> _WORK REQUIRED_: The lines to copy are those in the records below that hold the word "Normal".

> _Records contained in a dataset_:
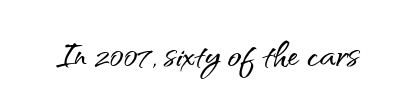
Q: Is the text italic (slanted)? A: Yes.
Q: Is the typeface a serif or a sans-serif typeface? A: Sans-serif.
Q: Is the text underlined? A: No.
Q: Is the spacing between letters normal or unusually wide? A: Normal.
Q: Width (condensed, normal, or wide)? A: Normal.
Q: Stroke contrast? A: Medium.
Q: x-height? A: Small.
Q: Monospaced? A: No.

> _FINISHED TASK_:
Q: Is the spacing between letters normal or unusually wide? A: Normal.
Q: Width (condensed, normal, or wide)? A: Normal.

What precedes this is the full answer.